Start of DATA PROVIDED

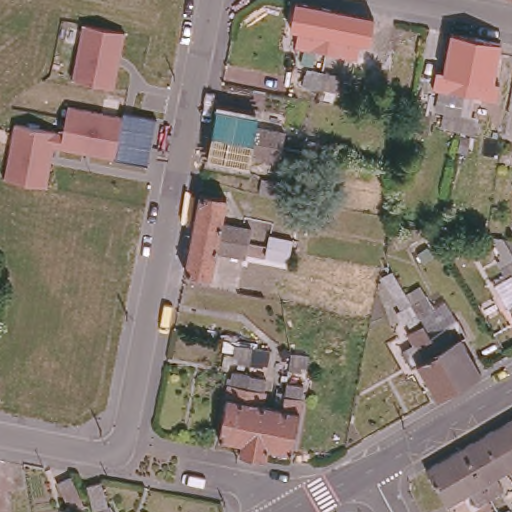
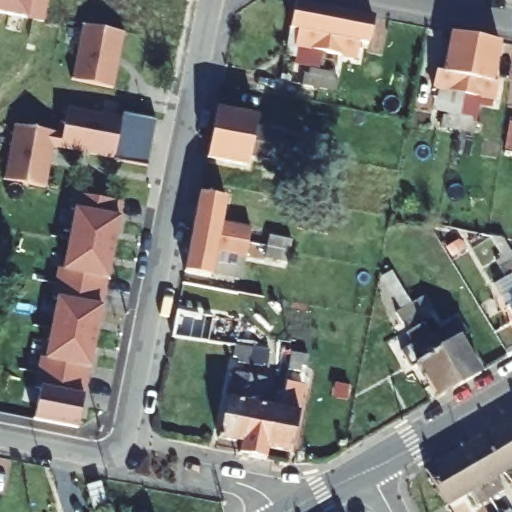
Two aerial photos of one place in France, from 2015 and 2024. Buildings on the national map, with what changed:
new [(27,20),(0,15),(0,0),(48,0),(42,24),(27,20)]
unchanged [(311,44),(311,45),(295,42),(297,30),(291,28),(296,0),(302,0),(334,6),(327,47),(311,44)]
unchanged [(496,0),(512,0),(512,7),(495,4),(496,0)]
unchanged [(334,6),(375,14),(367,43),(363,43),(360,55),(344,52),(345,50),(327,47),(334,6)]
unchanged [(112,89),(70,80),(82,21),(124,32),(112,89)]
unchanged [(447,94),(445,97),(432,95),(435,79),(442,80),(452,30),(476,35),(465,97),(447,94)]
unchanged [(427,31),(441,34),(435,59),(423,56),(427,31)]
unchanged [(476,35),(500,39),(490,89),(498,90),(495,106),(480,104),(480,100),(465,97),(476,35)]
unchanged [(335,77),(339,79),(337,91),(319,88),(302,85),(303,72),(310,73),(311,67),(322,70),(335,72),(335,77)]
unchanged [(57,131),(62,106),(122,118),(123,110),(152,116),(144,165),(52,146),(43,186),(2,179),(12,124),(57,131)]
unchanged [(216,130),(220,106),(262,115),(262,122),(290,129),(287,144),(216,130)]
unchanged [(475,128),(474,139),(457,136),(440,133),(442,122),(447,122),(448,117),(460,119),(472,121),(470,127),(475,128)]
unchanged [(284,158),(257,152),(253,164),(210,155),(216,130),(287,144),(284,158)]
unchanged [(300,159),(302,148),(303,139),(325,143),(322,152),(320,164),(300,159)]
unchanged [(262,190),(265,176),(281,179),(278,194),(262,190)]
unchanged [(196,230),(203,190),(231,195),(227,218),(253,224),(250,240),(196,230)]
new [(32,420),(40,390),(32,388),(40,358),(43,359),(56,297),(50,295),(57,268),(62,270),(74,209),(77,195),(123,206),(122,218),(108,281),(90,372),(84,397),(77,431),(32,420)]
unchanged [(248,254),(219,249),(215,274),(188,269),(196,230),(250,240),(248,254)]
unchanged [(270,235),(290,240),(288,249),(286,260),(266,255),(267,245),(270,235)]
unchanged [(511,263),(512,263),(512,279),(510,275),(505,277),(500,269),(511,263)]
unchanged [(407,295),(423,286),(427,295),(424,297),(427,303),(417,310),(404,316),(401,310),(397,312),(392,303),(407,295)]
unchanged [(512,302),(512,310),(508,303),(512,302)]
unchanged [(441,318),(440,315),(452,308),(461,322),(455,326),(480,370),(458,382),(426,326),(441,318)]
new [(172,338),(177,312),(212,318),(208,344),(172,338)]
unchanged [(458,382),(437,395),(412,352),(405,355),(396,341),(410,332),(412,335),(426,326),(458,382)]
unchanged [(270,356),(266,355),(265,360),(253,357),(252,357),(241,355),(242,350),(236,348),(237,340),(253,342),(256,343),(272,346),(270,356)]
unchanged [(307,362),(302,362),(300,367),(290,365),(293,350),(309,353),(307,362)]
unchanged [(220,431),(232,363),(250,366),(248,380),(245,394),(245,395),(248,397),(242,436),(220,431)]
unchanged [(240,445),(242,436),(248,397),(245,395),(245,394),(248,380),(250,366),(264,369),(262,383),(267,385),(263,400),(277,402),(268,442),(267,451),(240,445)]
unchanged [(282,403),(286,382),(287,379),(287,373),(303,376),(300,391),(302,392),(300,402),(291,445),(268,442),(277,402),(282,403)]
unchanged [(488,430),(512,416),(512,465),(509,466),(488,430)]
unchanged [(498,473),(505,486),(488,495),(463,445),(488,430),(509,466),(498,473)]
unchanged [(478,502),(472,490),(447,503),(442,493),(427,466),(463,445),(488,495),(478,502)]
unchanged [(14,492),(8,468),(22,465),(27,490),(14,492)]
unchanged [(71,508),(58,482),(70,476),(82,503),(71,508)]
unchanged [(107,505),(93,508),(88,483),(102,480),(107,505)]
unchanged [(117,511),(117,512),(98,512),(112,503),(117,511)]
unchanged [(512,512),(506,512),(512,508),(512,512)]

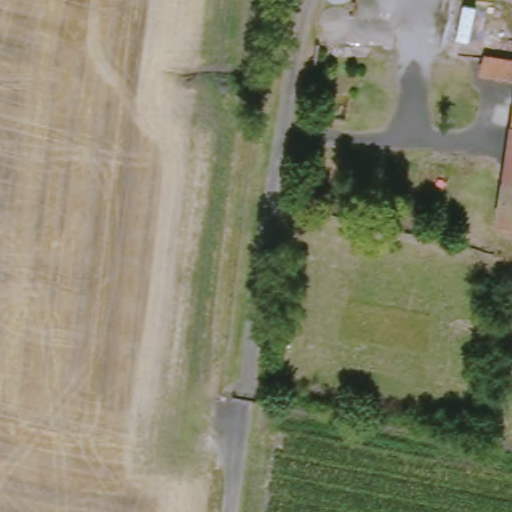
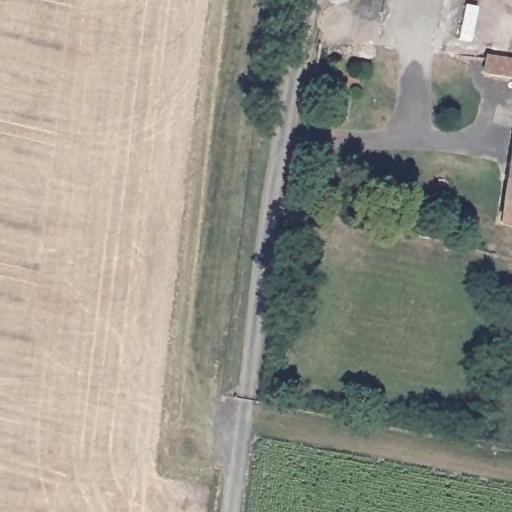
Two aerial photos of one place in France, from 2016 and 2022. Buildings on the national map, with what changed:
unchanged [(491,75),(494,56),(512,59),(512,80),(491,75)]
unchanged [(504,227),(512,176),(512,229),(504,227)]

End of DATA PROVIDED

WHAT YOU HAVE TO DO
Search the material above for the string "national". Show every line that holds it.

TASK SOLUTION
Two aerial photos of one place in France, from 2015 and 2024. Buildings on the national map, with what changed:
Two aerial photos of one place in France, from 2016 and 2022. Buildings on the national map, with what changed:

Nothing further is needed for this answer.